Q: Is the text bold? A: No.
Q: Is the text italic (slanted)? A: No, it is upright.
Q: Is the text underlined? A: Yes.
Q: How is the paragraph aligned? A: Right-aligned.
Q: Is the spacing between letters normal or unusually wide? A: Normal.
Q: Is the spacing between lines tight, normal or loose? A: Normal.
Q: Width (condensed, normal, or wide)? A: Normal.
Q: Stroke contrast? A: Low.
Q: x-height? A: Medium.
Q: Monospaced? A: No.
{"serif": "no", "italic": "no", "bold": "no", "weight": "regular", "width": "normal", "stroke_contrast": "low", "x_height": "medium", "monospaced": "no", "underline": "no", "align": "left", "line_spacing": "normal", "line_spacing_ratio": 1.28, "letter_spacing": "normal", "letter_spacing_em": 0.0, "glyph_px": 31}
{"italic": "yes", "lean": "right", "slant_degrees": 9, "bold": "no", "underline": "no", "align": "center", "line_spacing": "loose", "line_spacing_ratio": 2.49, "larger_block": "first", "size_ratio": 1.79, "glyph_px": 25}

_TO DO_
In the data above, find the line that contains "Q: Is the spacing between letters", then reproduce exactly every line from the first line through that line.

_TASK RESPONSE_
Q: Is the text bold? A: No.
Q: Is the text italic (slanted)? A: No, it is upright.
Q: Is the text underlined? A: Yes.
Q: How is the paragraph aligned? A: Right-aligned.
Q: Is the spacing between letters normal or unusually wide? A: Normal.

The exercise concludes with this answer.